WHAT THE TASK REQUIRES — Set each record down exactly, excluding all images.

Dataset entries
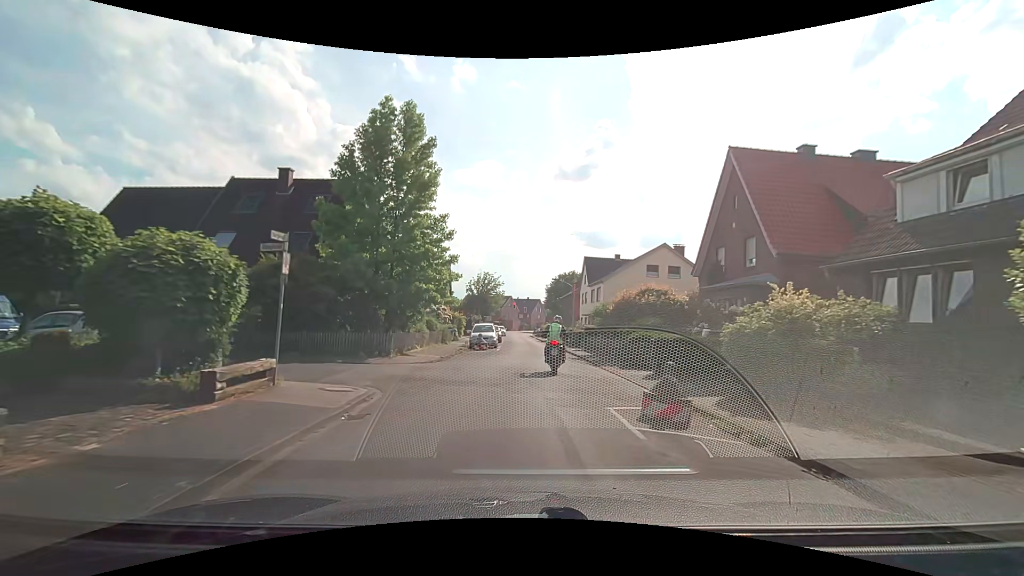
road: residential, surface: asphalt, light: Day
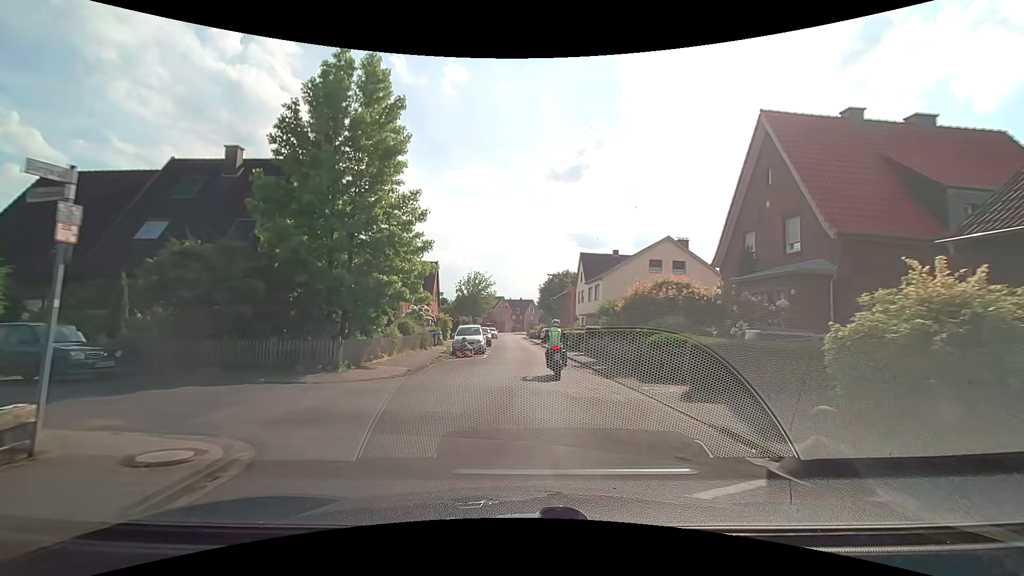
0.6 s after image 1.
(0.0, +4.4) m; +1°
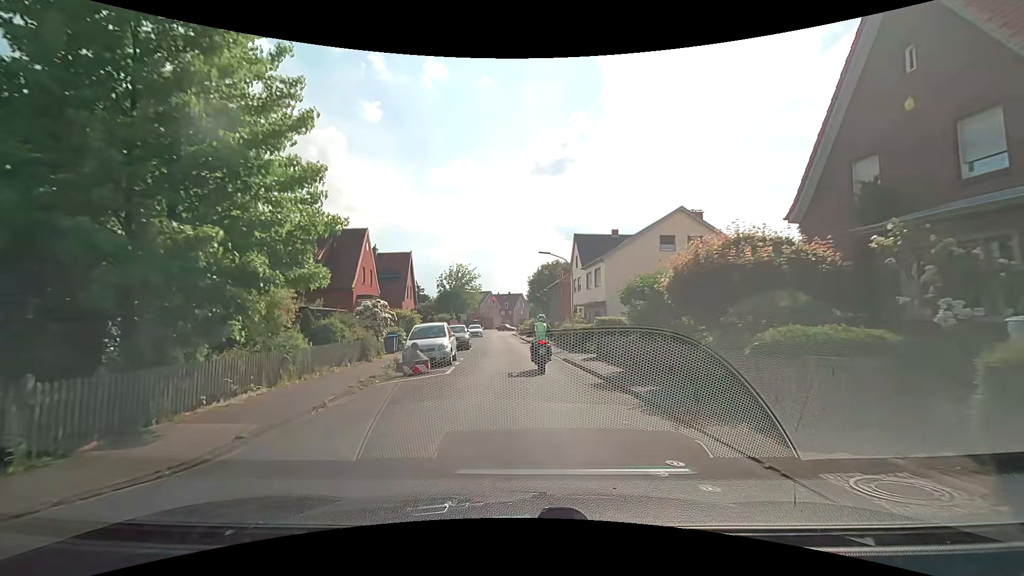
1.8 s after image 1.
(0.0, +8.5) m; +1°
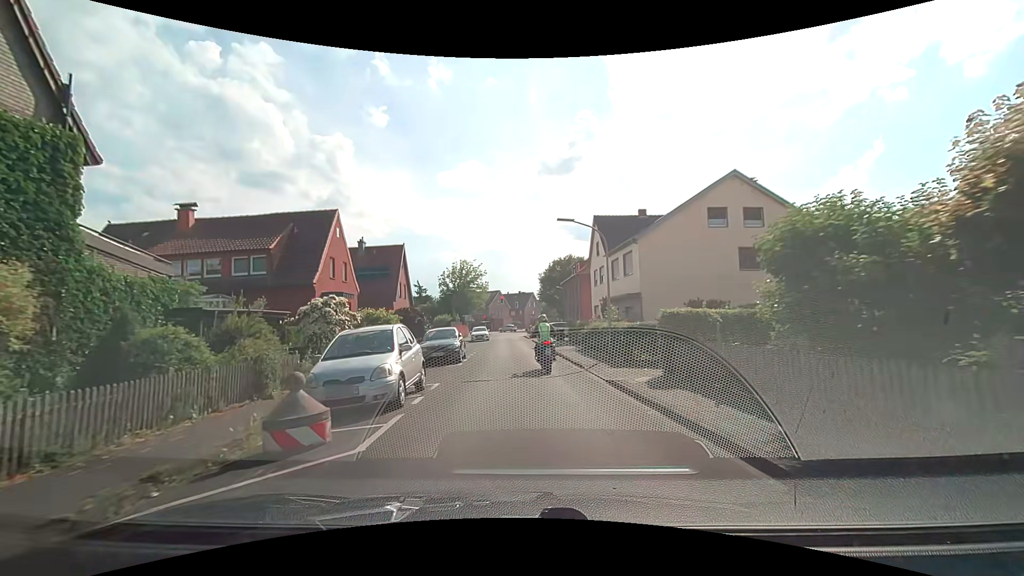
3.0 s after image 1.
(0.0, +8.5) m; -1°
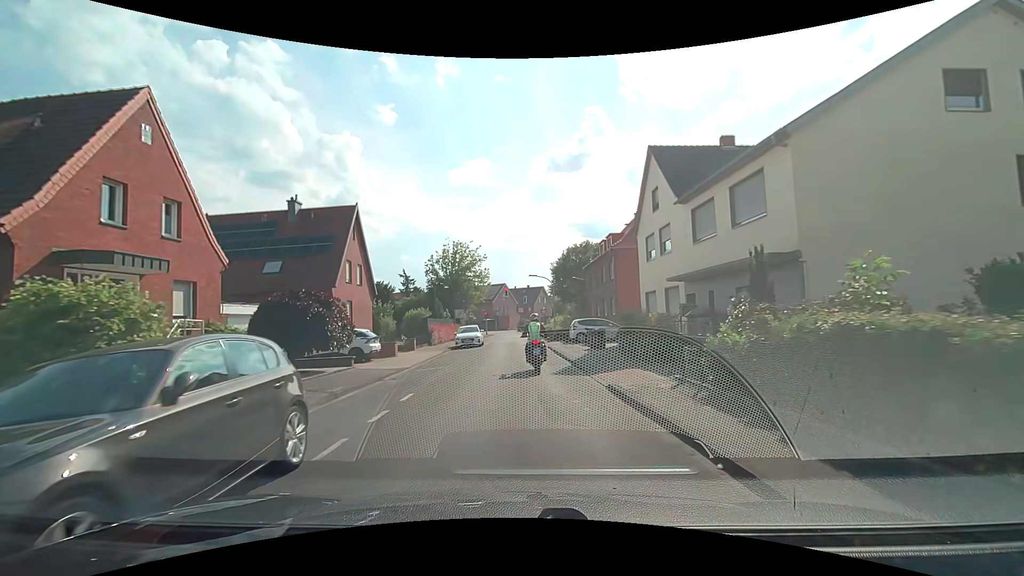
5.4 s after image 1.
(-0.2, +17.2) m; -1°
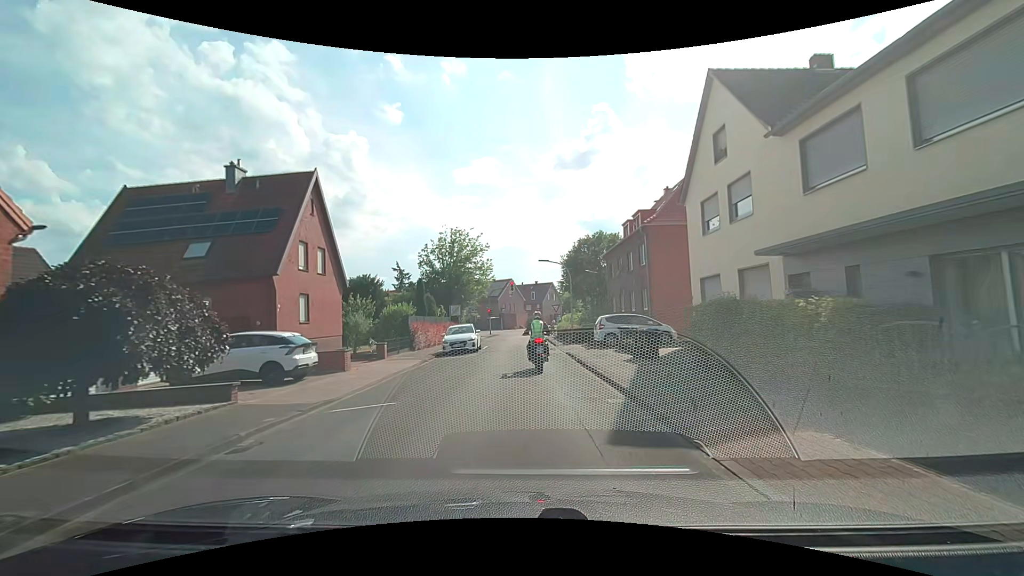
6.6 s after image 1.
(0.0, +8.2) m; -1°
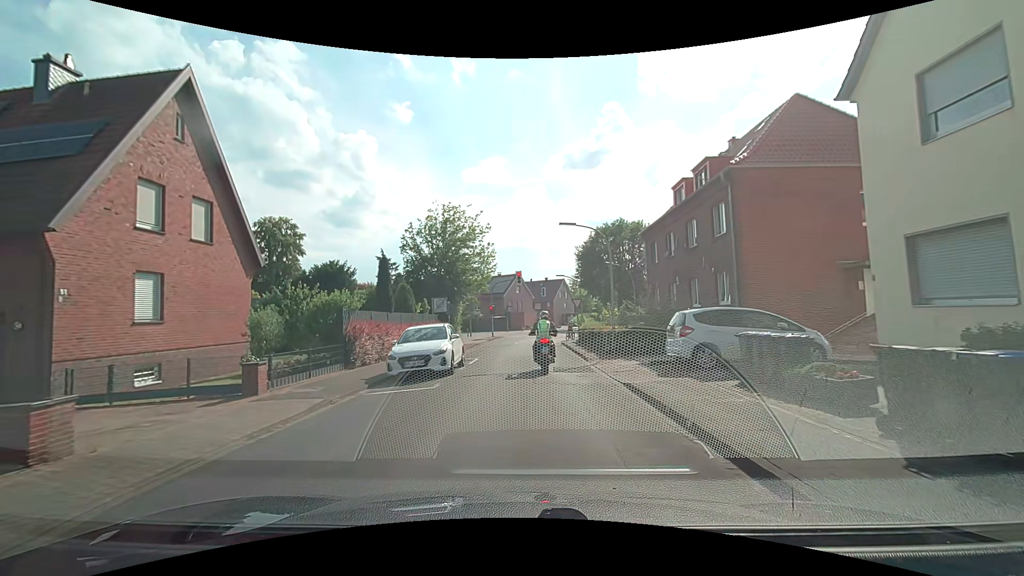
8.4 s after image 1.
(0.0, +11.3) m; 0°
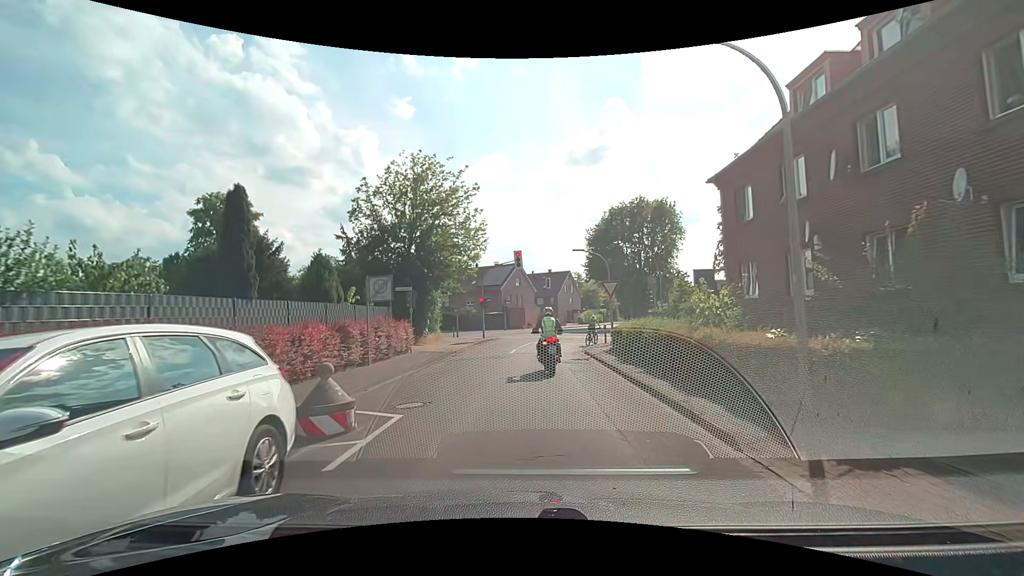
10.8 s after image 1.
(-0.1, +12.7) m; +1°

TASK ANSWER —
road: residential, surface: asphalt, light: Day
0.6 s after image 1.
(0.0, +4.4) m; +1°
1.8 s after image 1.
(0.0, +8.5) m; +1°
3.0 s after image 1.
(0.0, +8.5) m; -1°
5.4 s after image 1.
(-0.2, +17.2) m; -1°
6.6 s after image 1.
(0.0, +8.2) m; -1°
8.4 s after image 1.
(0.0, +11.3) m; 0°
10.8 s after image 1.
(-0.1, +12.7) m; +1°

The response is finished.